That would be soooooo 2016.

Can't say I wouldn't buy one if the answer is yes but…… I'd probably never use it unless it's absolutely positively the only working light available.


----------



## Repsol600rr (Dec 16, 2021)

Yes you have to click through all modes to turn off. I would disagree with 5000k. It's cooler than that. Its not a flashaholics light, or beam. But for less than $10 it'll work fine for the layman.


----------



## xxo (Dec 16, 2021)

bykfixer said:


> That would be soooooo 2016.


 Yup. I don't why they still make lights like that, having to click through low is bad enough, but strobe too? Why even have strobe?

I also don't see why they advertise it as a 18650 light when tyou can't remove the battery?


----------



## xxo (Dec 16, 2021)

Repsol600rr said:


> Yes you have to click through all modes to turn off.


 Thanks. That is a deal breaker for me.


----------



## bykfixer (Dec 16, 2021)

xxo said:


> Yup. I don't why they still make lights like that, having to click through low is bad enough, but strobe too? Why even have strobe?
> 
> I also don't see why they advertise it as a 18650 light when tyou can't remove the battery?


I have a Coast HP7R that can be charged outside the light or the 'cartridge' can be. It also has a 3aaa battery carrier. They call it a rechargeable light but when you peak inside the 'cartridge' you see an 18650 with a Coast logo.

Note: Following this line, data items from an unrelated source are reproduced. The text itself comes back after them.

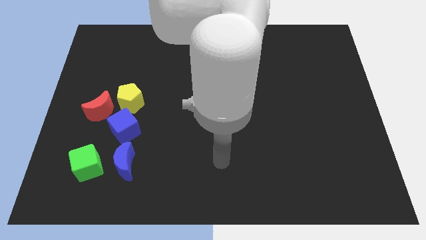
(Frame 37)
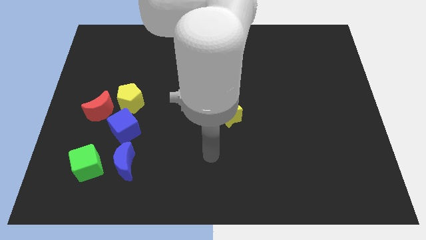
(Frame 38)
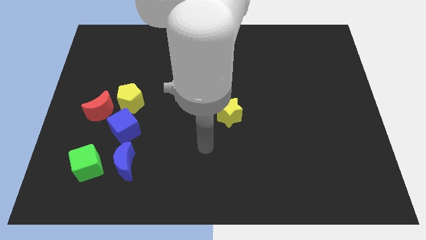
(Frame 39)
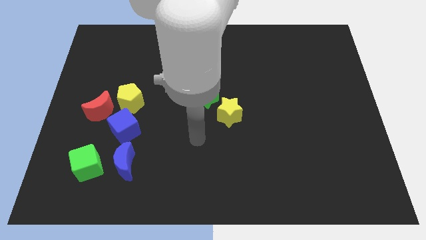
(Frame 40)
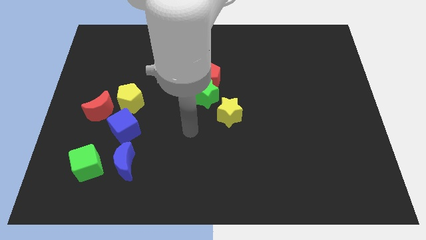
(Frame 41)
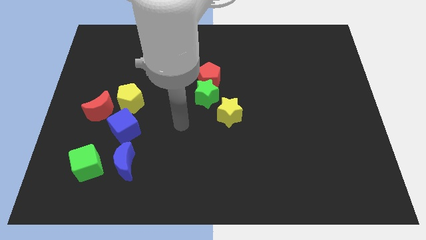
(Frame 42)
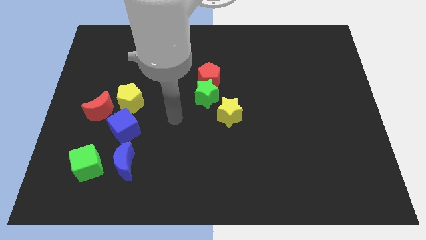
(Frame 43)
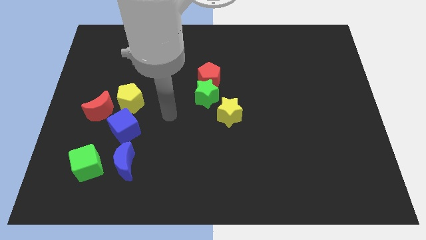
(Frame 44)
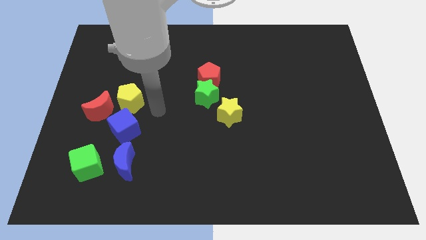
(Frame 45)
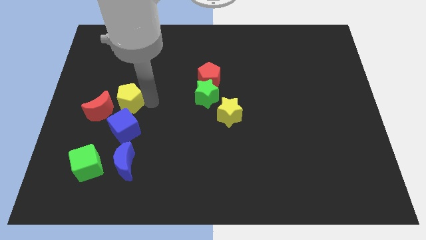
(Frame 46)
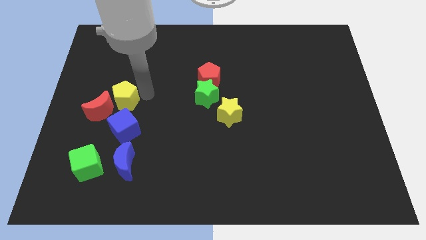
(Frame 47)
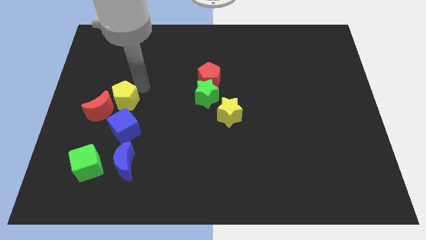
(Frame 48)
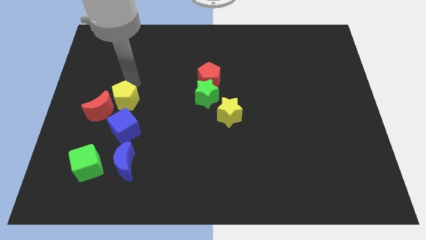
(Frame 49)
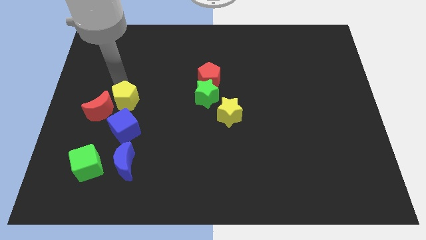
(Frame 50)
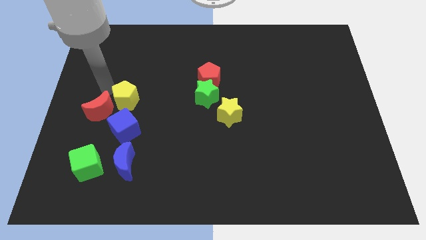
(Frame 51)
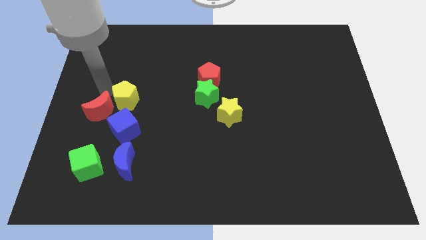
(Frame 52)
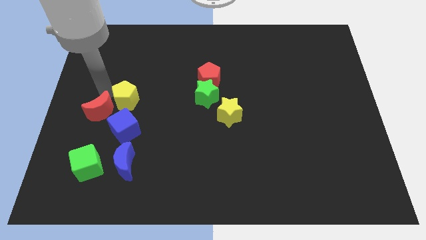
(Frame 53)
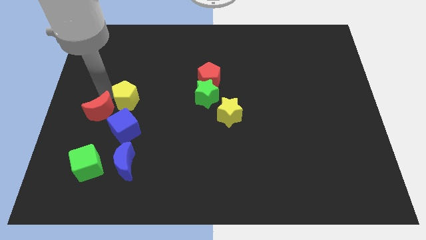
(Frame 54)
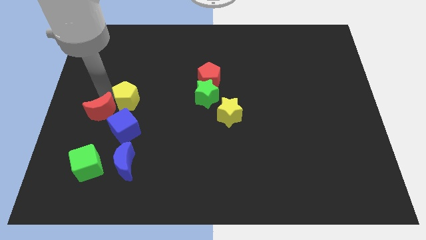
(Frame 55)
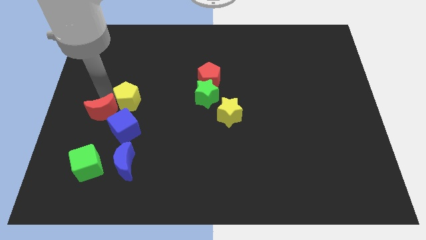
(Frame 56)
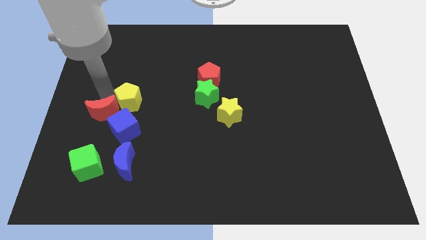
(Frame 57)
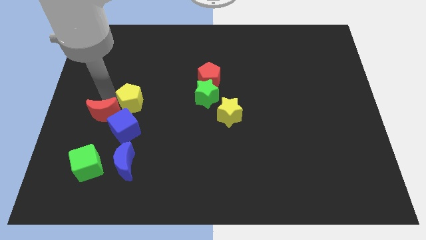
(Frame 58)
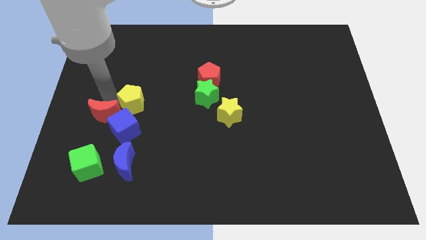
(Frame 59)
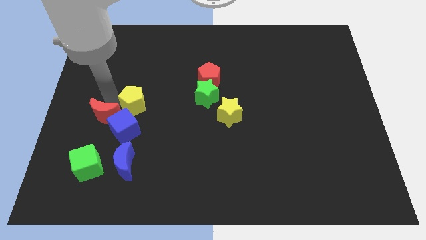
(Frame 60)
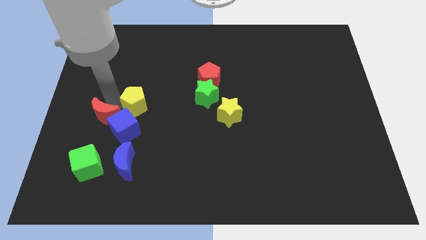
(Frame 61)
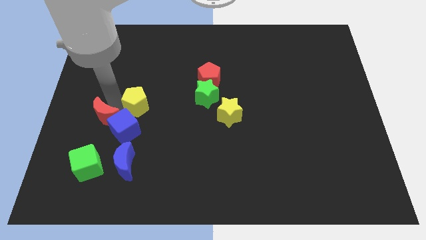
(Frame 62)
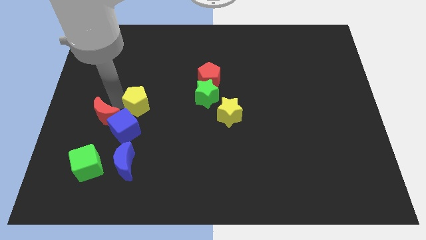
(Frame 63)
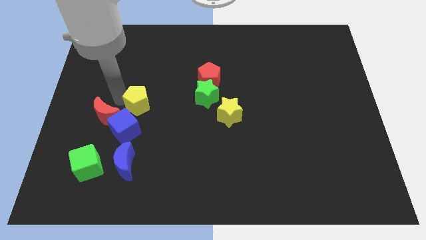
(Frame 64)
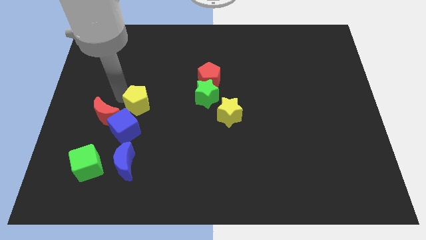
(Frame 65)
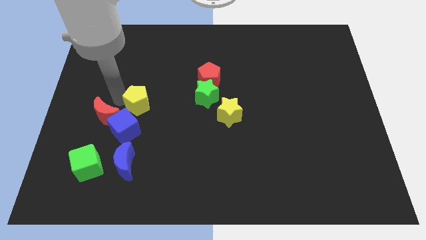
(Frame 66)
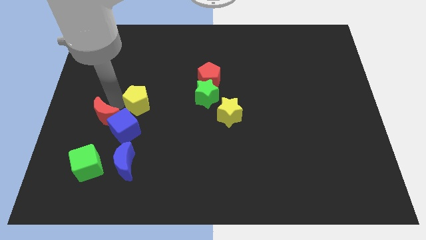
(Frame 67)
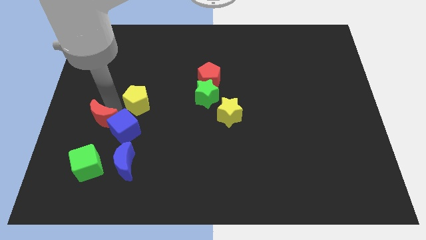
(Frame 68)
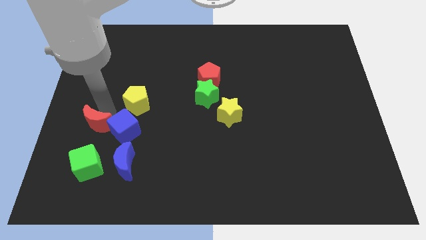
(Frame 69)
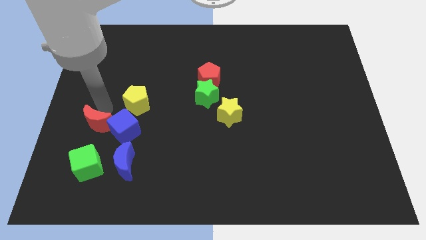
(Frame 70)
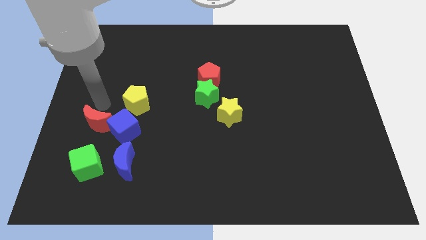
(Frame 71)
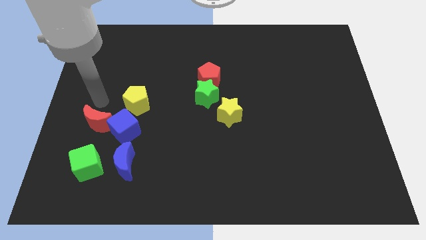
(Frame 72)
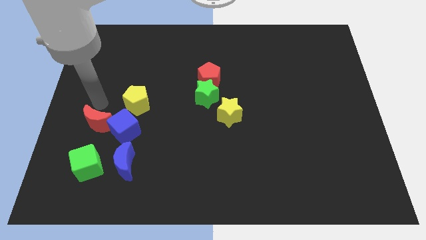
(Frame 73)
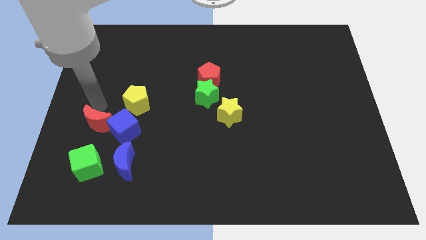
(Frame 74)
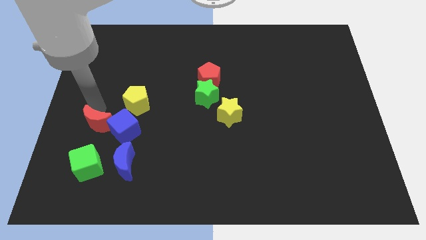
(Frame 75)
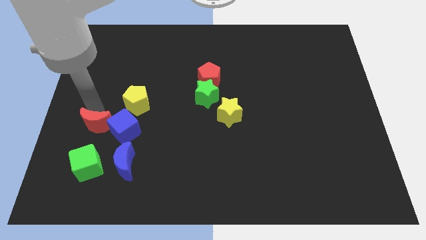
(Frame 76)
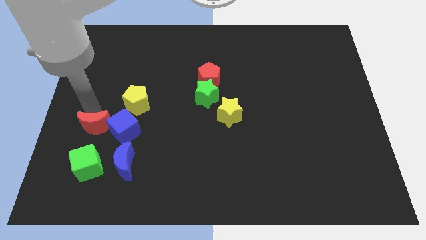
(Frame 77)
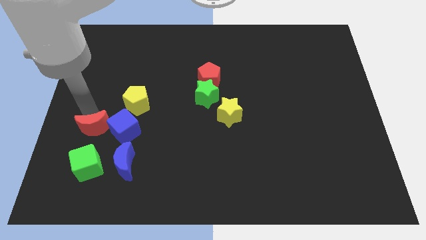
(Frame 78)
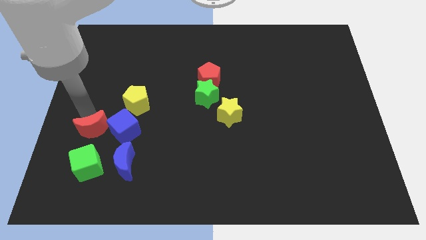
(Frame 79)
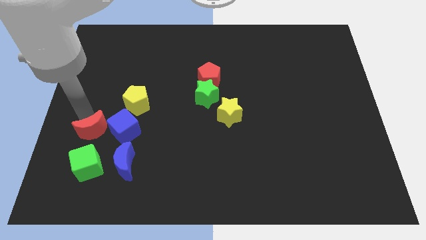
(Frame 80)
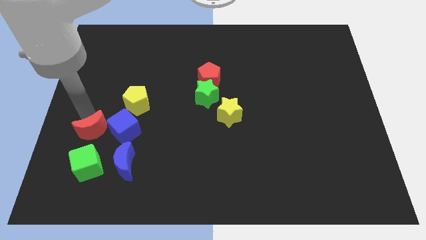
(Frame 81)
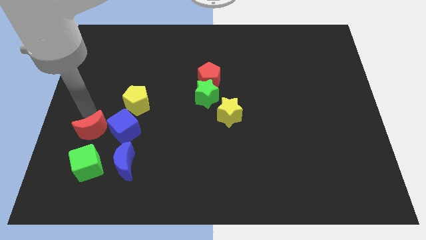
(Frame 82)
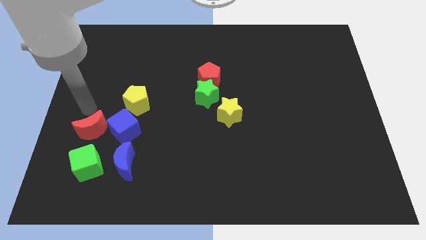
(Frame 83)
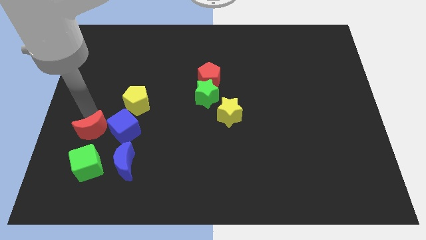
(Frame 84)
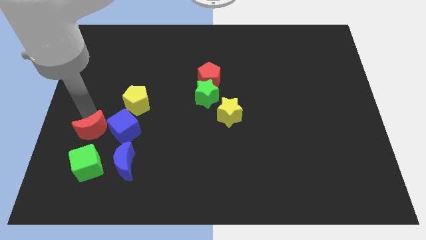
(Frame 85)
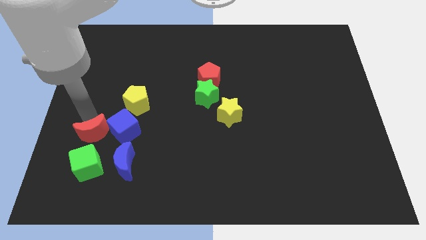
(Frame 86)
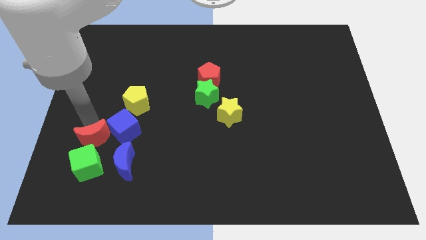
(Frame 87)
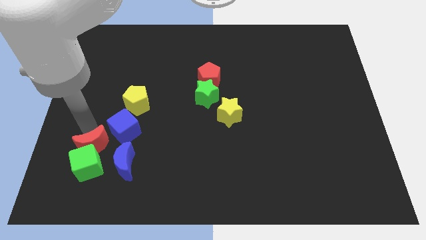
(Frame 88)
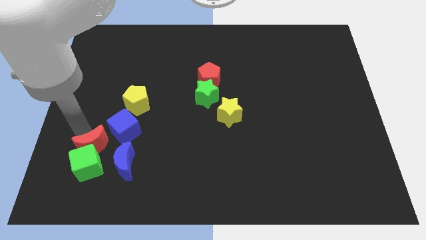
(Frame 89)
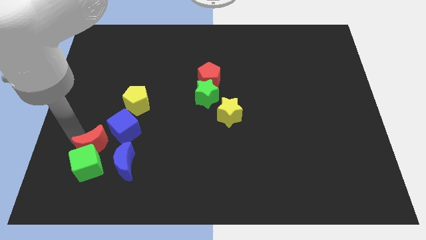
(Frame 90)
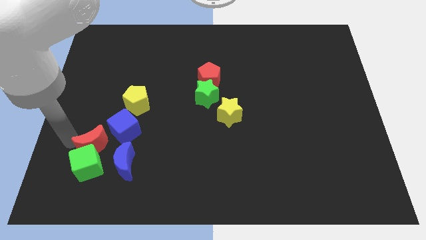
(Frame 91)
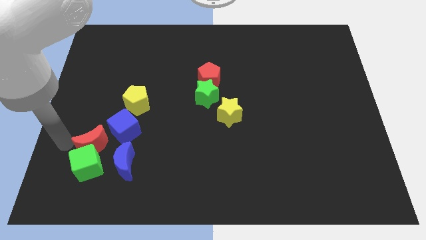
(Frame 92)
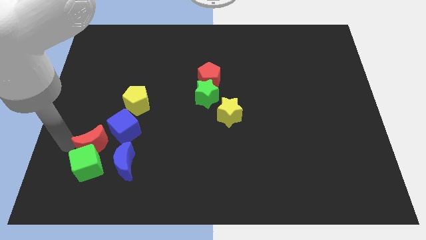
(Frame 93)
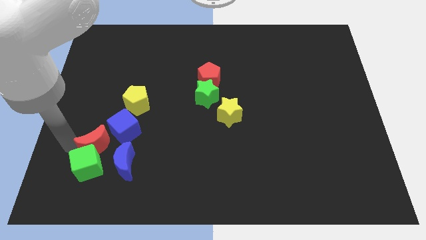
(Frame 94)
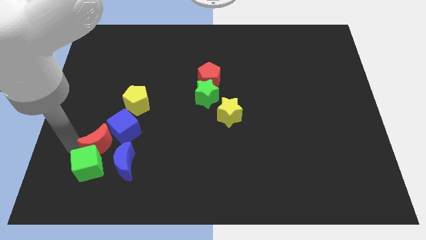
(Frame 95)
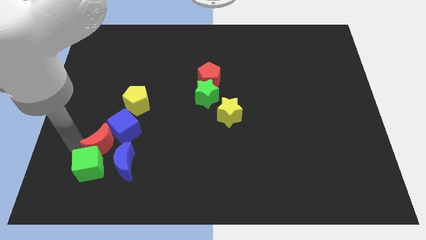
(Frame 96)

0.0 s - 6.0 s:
move the red moon a bit diagonally downwards and to the right

Coast chose not to call it an 18650 light. I understand why Rayovac did though. Marketing. Studies probably showed 18650 was the better choice for their "market", which is largely made up of folks still using lights powered by alkaline batteries. So the word "rechargeable" may not excite that sector as much as "18650".

I would wonder since it probably has a rotating mechanical switch, would it not suffer from parasitic drain? I doubt I'll be buying one knowing it has to be cycled just to shut it off but I'll figure on seeing them next year on construction sites instead of "atomic" lights and celphone lights.


----------



## xxo (Dec 16, 2021)

bykfixer said:


> I have a Coast HP7R that can be charged outside the light or the 'cartridge' can be. It also has a 3aaa battery carrier. They call it a rechargeable light but when you peak inside the 'cartridge' you see an 18650 with a Coast logo.
> 
> Coast chose not to call it an 18650 light. I understand why Rayovac did though. Marketing. Studies probably showed 18650 was the better choice for their "market", which is largely made up of folks still using lights powered by alkaline batteries. So the word "rechargeable" may not excite that sector as much as "18650".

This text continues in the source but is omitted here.